* WHAT YOU NEED TO DO: Write the data out in full and word for word. Do not include images.

* EXERCISE DATA:
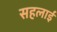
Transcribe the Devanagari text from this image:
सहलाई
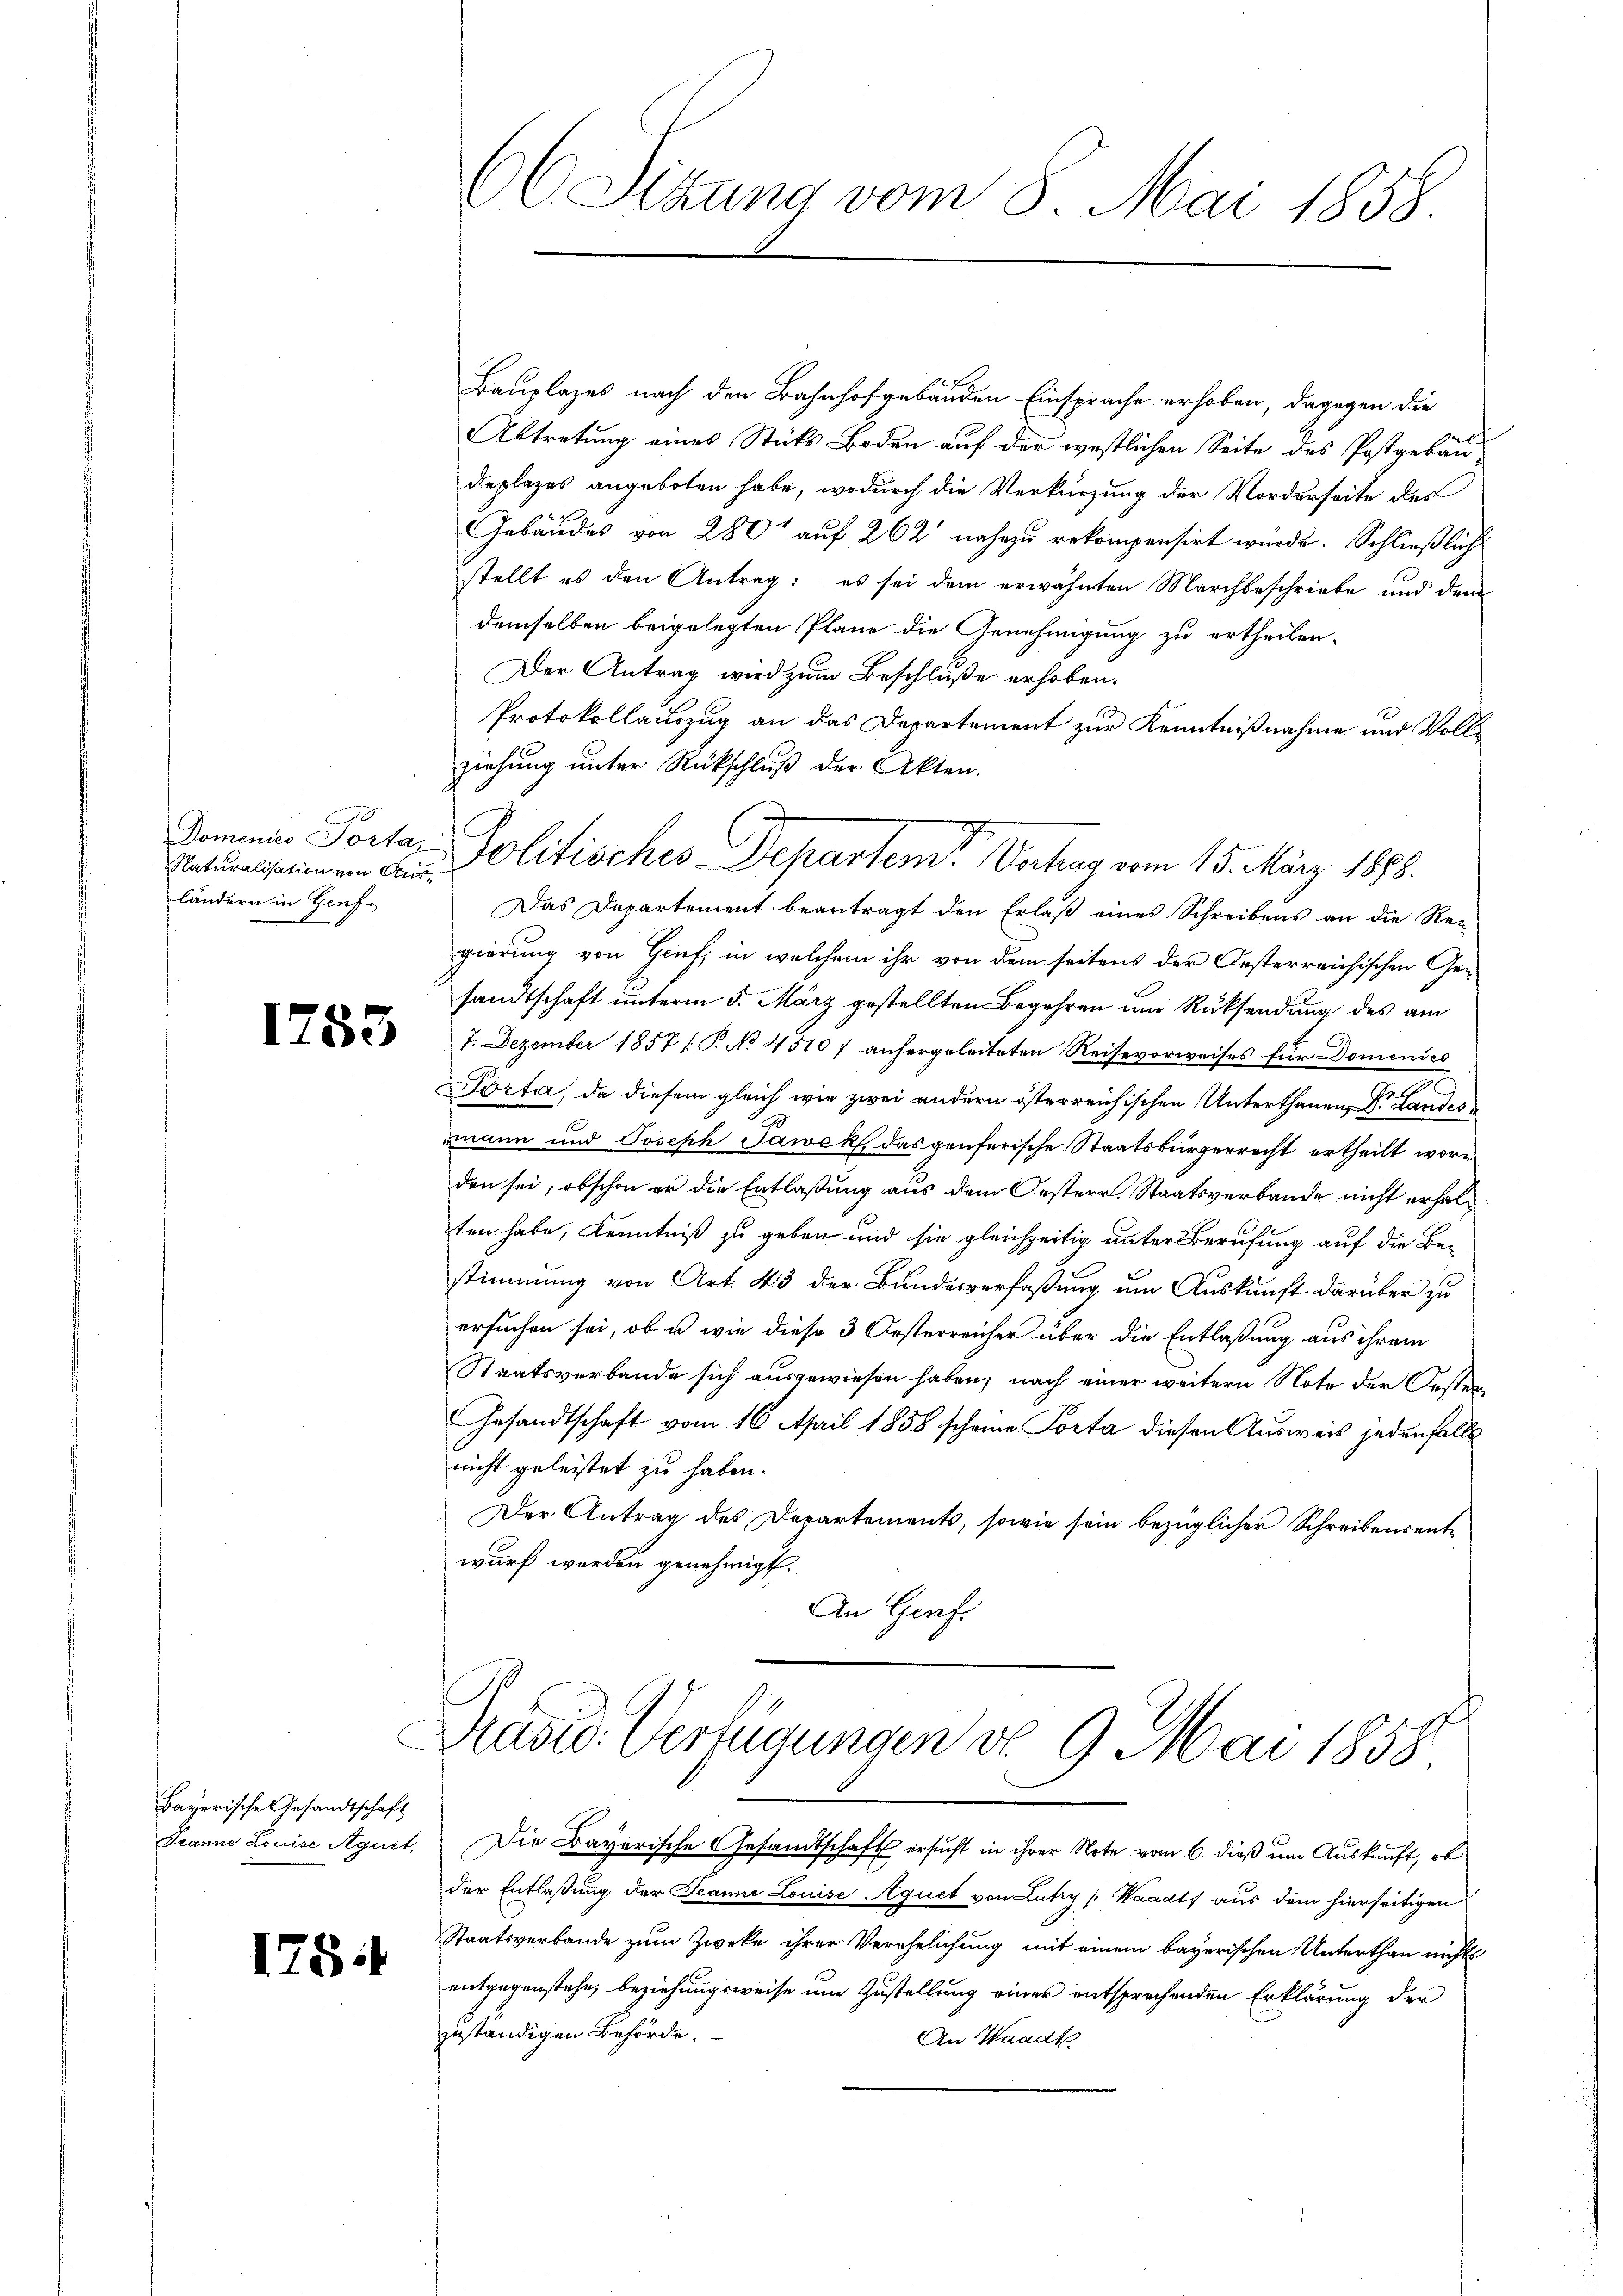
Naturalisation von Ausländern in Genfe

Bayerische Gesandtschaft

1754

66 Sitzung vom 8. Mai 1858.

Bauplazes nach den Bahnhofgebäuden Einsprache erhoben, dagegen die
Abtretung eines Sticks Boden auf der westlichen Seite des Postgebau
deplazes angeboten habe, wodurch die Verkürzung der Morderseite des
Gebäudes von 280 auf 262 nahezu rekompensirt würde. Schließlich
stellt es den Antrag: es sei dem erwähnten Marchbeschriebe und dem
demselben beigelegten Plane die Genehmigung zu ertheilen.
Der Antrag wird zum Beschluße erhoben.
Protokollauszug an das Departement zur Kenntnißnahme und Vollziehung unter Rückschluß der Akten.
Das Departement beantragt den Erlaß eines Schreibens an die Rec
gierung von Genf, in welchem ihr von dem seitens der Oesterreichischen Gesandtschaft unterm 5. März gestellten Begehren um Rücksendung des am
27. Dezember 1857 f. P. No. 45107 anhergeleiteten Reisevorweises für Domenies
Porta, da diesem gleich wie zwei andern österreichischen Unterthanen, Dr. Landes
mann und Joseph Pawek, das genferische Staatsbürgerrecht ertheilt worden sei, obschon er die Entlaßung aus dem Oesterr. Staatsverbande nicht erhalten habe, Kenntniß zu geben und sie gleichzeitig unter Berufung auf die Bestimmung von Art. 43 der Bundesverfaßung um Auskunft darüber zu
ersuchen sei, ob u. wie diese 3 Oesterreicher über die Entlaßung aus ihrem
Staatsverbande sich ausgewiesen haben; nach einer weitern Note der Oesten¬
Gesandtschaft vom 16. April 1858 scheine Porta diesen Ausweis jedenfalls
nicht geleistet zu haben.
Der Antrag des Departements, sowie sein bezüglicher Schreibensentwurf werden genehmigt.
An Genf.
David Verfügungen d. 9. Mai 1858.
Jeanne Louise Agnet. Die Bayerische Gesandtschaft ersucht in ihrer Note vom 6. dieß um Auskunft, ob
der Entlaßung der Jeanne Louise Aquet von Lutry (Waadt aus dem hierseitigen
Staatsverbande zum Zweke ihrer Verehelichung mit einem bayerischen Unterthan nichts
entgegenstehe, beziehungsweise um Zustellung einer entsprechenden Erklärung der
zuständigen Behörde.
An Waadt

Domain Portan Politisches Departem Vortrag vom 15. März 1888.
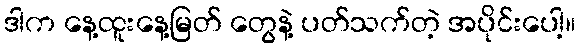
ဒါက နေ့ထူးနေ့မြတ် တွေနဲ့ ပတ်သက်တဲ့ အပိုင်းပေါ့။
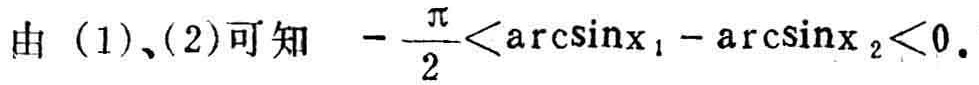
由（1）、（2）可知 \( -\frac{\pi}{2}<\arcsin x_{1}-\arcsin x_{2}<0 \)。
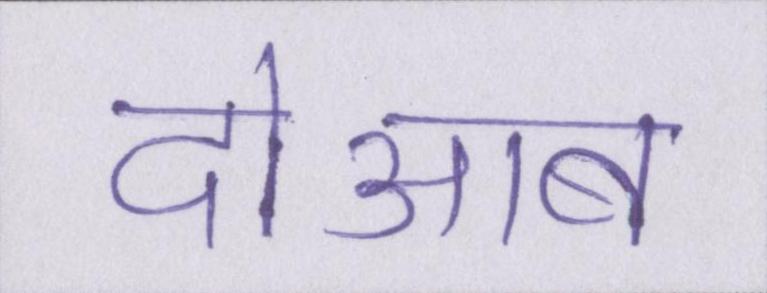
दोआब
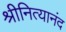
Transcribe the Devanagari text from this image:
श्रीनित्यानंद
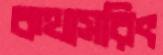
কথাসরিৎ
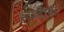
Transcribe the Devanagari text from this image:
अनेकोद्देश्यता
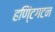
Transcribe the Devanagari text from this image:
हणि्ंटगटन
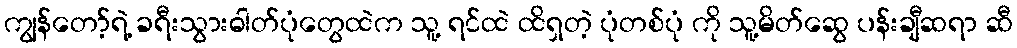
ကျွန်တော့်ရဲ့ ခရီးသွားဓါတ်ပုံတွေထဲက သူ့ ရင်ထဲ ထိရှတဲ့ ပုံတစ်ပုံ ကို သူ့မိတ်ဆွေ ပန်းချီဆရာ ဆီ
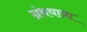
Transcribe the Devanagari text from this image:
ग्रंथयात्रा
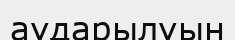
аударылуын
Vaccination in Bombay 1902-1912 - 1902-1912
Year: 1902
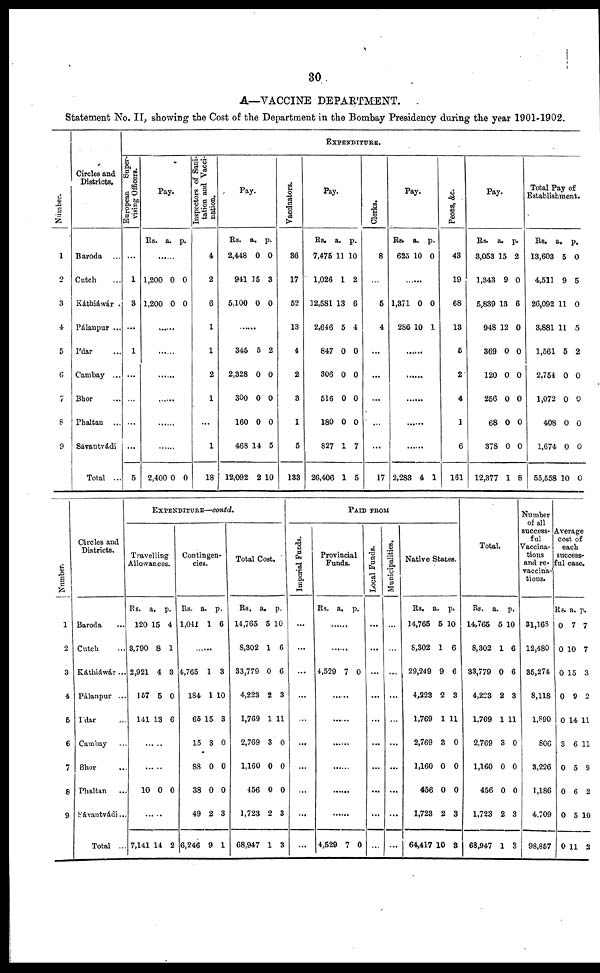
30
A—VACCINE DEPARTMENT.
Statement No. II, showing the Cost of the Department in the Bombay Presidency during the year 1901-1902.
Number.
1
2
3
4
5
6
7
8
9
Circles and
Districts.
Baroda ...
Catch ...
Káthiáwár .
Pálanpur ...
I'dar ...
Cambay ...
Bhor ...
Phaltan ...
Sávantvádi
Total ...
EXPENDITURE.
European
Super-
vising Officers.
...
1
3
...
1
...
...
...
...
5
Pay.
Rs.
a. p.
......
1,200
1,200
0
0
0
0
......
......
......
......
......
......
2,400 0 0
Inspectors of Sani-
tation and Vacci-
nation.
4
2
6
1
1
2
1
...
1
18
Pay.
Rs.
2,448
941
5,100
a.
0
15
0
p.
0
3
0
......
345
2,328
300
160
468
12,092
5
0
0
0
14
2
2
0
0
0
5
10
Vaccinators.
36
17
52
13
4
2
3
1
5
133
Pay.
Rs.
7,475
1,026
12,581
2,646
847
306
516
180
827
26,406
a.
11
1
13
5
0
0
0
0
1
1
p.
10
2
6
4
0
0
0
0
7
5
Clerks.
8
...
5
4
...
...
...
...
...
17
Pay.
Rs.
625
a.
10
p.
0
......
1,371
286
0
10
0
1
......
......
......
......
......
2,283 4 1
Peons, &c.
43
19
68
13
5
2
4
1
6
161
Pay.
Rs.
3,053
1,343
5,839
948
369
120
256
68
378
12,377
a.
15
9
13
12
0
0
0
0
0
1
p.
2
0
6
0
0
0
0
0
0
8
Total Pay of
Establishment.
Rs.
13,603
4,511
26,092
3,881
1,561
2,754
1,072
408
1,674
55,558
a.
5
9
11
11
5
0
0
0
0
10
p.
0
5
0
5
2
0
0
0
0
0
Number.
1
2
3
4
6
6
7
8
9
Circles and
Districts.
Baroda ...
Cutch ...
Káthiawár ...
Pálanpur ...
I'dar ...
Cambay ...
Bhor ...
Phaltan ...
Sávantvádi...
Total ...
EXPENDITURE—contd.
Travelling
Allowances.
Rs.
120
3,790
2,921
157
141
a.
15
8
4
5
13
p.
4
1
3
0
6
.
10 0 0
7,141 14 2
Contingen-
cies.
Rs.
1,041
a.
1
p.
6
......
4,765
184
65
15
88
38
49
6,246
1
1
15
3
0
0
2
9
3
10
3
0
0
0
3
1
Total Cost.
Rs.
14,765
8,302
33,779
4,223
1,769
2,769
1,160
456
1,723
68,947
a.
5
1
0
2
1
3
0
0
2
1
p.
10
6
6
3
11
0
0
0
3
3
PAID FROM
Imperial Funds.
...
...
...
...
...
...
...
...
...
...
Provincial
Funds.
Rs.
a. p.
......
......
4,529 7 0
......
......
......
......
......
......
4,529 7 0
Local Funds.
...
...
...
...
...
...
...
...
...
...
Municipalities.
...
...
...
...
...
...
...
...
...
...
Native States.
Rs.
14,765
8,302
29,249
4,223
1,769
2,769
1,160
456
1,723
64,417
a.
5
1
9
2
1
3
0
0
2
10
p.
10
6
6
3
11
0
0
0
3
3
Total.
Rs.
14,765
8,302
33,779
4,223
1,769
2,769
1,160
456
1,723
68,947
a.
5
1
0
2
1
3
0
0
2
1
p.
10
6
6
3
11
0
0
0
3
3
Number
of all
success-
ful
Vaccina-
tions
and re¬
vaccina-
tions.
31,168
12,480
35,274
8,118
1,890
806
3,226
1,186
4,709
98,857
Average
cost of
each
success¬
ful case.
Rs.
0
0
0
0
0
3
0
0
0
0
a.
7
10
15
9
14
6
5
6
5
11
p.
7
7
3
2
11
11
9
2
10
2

* TASK ANSWER:
Transcribe the Devanagari text from this image:
सहलाई
Naturalisation von Ausländern in Genfe

Bayerische Gesandtschaft

1754

66 Sitzung vom 8. Mai 1858.

Bauplazes nach den Bahnhofgebäuden Einsprache erhoben, dagegen die
Abtretung eines Sticks Boden auf der westlichen Seite des Postgebau
deplazes angeboten habe, wodurch die Verkürzung der Morderseite des
Gebäudes von 280 auf 262 nahezu rekompensirt würde. Schließlich
stellt es den Antrag: es sei dem erwähnten Marchbeschriebe und dem
demselben beigelegten Plane die Genehmigung zu ertheilen.
Der Antrag wird zum Beschluße erhoben.
Protokollauszug an das Departement zur Kenntnißnahme und Vollziehung unter Rückschluß der Akten.
Das Departement beantragt den Erlaß eines Schreibens an die Rec
gierung von Genf, in welchem ihr von dem seitens der Oesterreichischen Gesandtschaft unterm 5. März gestellten Begehren um Rücksendung des am
27. Dezember 1857 f. P. No. 45107 anhergeleiteten Reisevorweises für Domenies
Porta, da diesem gleich wie zwei andern österreichischen Unterthanen, Dr. Landes
mann und Joseph Pawek, das genferische Staatsbürgerrecht ertheilt worden sei, obschon er die Entlaßung aus dem Oesterr. Staatsverbande nicht erhalten habe, Kenntniß zu geben und sie gleichzeitig unter Berufung auf die Bestimmung von Art. 43 der Bundesverfaßung um Auskunft darüber zu
ersuchen sei, ob u. wie diese 3 Oesterreicher über die Entlaßung aus ihrem
Staatsverbande sich ausgewiesen haben; nach einer weitern Note der Oesten¬
Gesandtschaft vom 16. April 1858 scheine Porta diesen Ausweis jedenfalls
nicht geleistet zu haben.
Der Antrag des Departements, sowie sein bezüglicher Schreibensentwurf werden genehmigt.
An Genf.
David Verfügungen d. 9. Mai 1858.
Jeanne Louise Agnet. Die Bayerische Gesandtschaft ersucht in ihrer Note vom 6. dieß um Auskunft, ob
der Entlaßung der Jeanne Louise Aquet von Lutry (Waadt aus dem hierseitigen
Staatsverbande zum Zweke ihrer Verehelichung mit einem bayerischen Unterthan nichts
entgegenstehe, beziehungsweise um Zustellung einer entsprechenden Erklärung der
zuständigen Behörde.
An Waadt

Domain Portan Politisches Departem Vortrag vom 15. März 1888.
ဒါက နေ့ထူးနေ့မြတ် တွေနဲ့ ပတ်သက်တဲ့ အပိုင်းပေါ့။
由（1）、（2）可知 \( -\frac{\pi}{2}<\arcsin x_{1}-\arcsin x_{2}<0 \)。
दोआब
Transcribe the Devanagari text from this image:
श्रीनित्यानंद
কথাসরিৎ
Transcribe the Devanagari text from this image:
अनेकोद्देश्यता
Transcribe the Devanagari text from this image:
हणि्ंटगटन
ကျွန်တော့်ရဲ့ ခရီးသွားဓါတ်ပုံတွေထဲက သူ့ ရင်ထဲ ထိရှတဲ့ ပုံတစ်ပုံ ကို သူ့မိတ်ဆွေ ပန်းချီဆရာ ဆီ
Transcribe the Devanagari text from this image:
ग्रंथयात्रा
аударылуын
Vaccination in Bombay 1902-1912 - 1902-1912
Year: 1902
30
A—VACCINE DEPARTMENT.
Statement No. II, showing the Cost of the Department in the Bombay Presidency during the year 1901-1902.
Number.
1
2
3
4
5
6
7
8
9
Circles and
Districts.
Baroda ...
Catch ...
Káthiáwár .
Pálanpur ...
I'dar ...
Cambay ...
Bhor ...
Phaltan ...
Sávantvádi
Total ...
EXPENDITURE.
European
Super-
vising Officers.
...
1
3
...
1
...
...
...
...
5
Pay.
Rs.
a. p.
......
1,200
1,200
0
0
0
0
......
......
......
......
......
......
2,400 0 0
Inspectors of Sani-
tation and Vacci-
nation.
4
2
6
1
1
2
1
...
1
18
Pay.
Rs.
2,448
941
5,100
a.
0
15
0
p.
0
3
0
......
345
2,328
300
160
468
12,092
5
0
0
0
14
2
2
0
0
0
5
10
Vaccinators.
36
17
52
13
4
2
3
1
5
133
Pay.
Rs.
7,475
1,026
12,581
2,646
847
306
516
180
827
26,406
a.
11
1
13
5
0
0
0
0
1
1
p.
10
2
6
4
0
0
0
0
7
5
Clerks.
8
...
5
4
...
...
...
...
...
17
Pay.
Rs.
625
a.
10
p.
0
......
1,371
286
0
10
0
1
......
......
......
......
......
2,283 4 1
Peons, &c.
43
19
68
13
5
2
4
1
6
161
Pay.
Rs.
3,053
1,343
5,839
948
369
120
256
68
378
12,377
a.
15
9
13
12
0
0
0
0
0
1
p.
2
0
6
0
0
0
0
0
0
8
Total Pay of
Establishment.
Rs.
13,603
4,511
26,092
3,881
1,561
2,754
1,072
408
1,674
55,558
a.
5
9
11
11
5
0
0
0
0
10
p.
0
5
0
5
2
0
0
0
0
0
Number.
1
2
3
4
6
6
7
8
9
Circles and
Districts.
Baroda ...
Cutch ...
Káthiawár ...
Pálanpur ...
I'dar ...
Cambay ...
Bhor ...
Phaltan ...
Sávantvádi...
Total ...
EXPENDITURE—contd.
Travelling
Allowances.
Rs.
120
3,790
2,921
157
141
a.
15
8
4
5
13
p.
4
1
3
0
6
.
10 0 0
7,141 14 2
Contingen-
cies.
Rs.
1,041
a.
1
p.
6
......
4,765
184
65
15
88
38
49
6,246
1
1
15
3
0
0
2
9
3
10
3
0
0
0
3
1
Total Cost.
Rs.
14,765
8,302
33,779
4,223
1,769
2,769
1,160
456
1,723
68,947
a.
5
1
0
2
1
3
0
0
2
1
p.
10
6
6
3
11
0
0
0
3
3
PAID FROM
Imperial Funds.
...
...
...
...
...
...
...
...
...
...
Provincial
Funds.
Rs.
a. p.
......
......
4,529 7 0
......
......
......
......
......
......
4,529 7 0
Local Funds.
...
...
...
...
...
...
...
...
...
...
Municipalities.
...
...
...
...
...
...
...
...
...
...
Native States.
Rs.
14,765
8,302
29,249
4,223
1,769
2,769
1,160
456
1,723
64,417
a.
5
1
9
2
1
3
0
0
2
10
p.
10
6
6
3
11
0
0
0
3
3
Total.
Rs.
14,765
8,302
33,779
4,223
1,769
2,769
1,160
456
1,723
68,947
a.
5
1
0
2
1
3
0
0
2
1
p.
10
6
6
3
11
0
0
0
3
3
Number
of all
success-
ful
Vaccina-
tions
and re¬
vaccina-
tions.
31,168
12,480
35,274
8,118
1,890
806
3,226
1,186
4,709
98,857
Average
cost of
each
success¬
ful case.
Rs.
0
0
0
0
0
3
0
0
0
0
a.
7
10
15
9
14
6
5
6
5
11
p.
7
7
3
2
11
11
9
2
10
2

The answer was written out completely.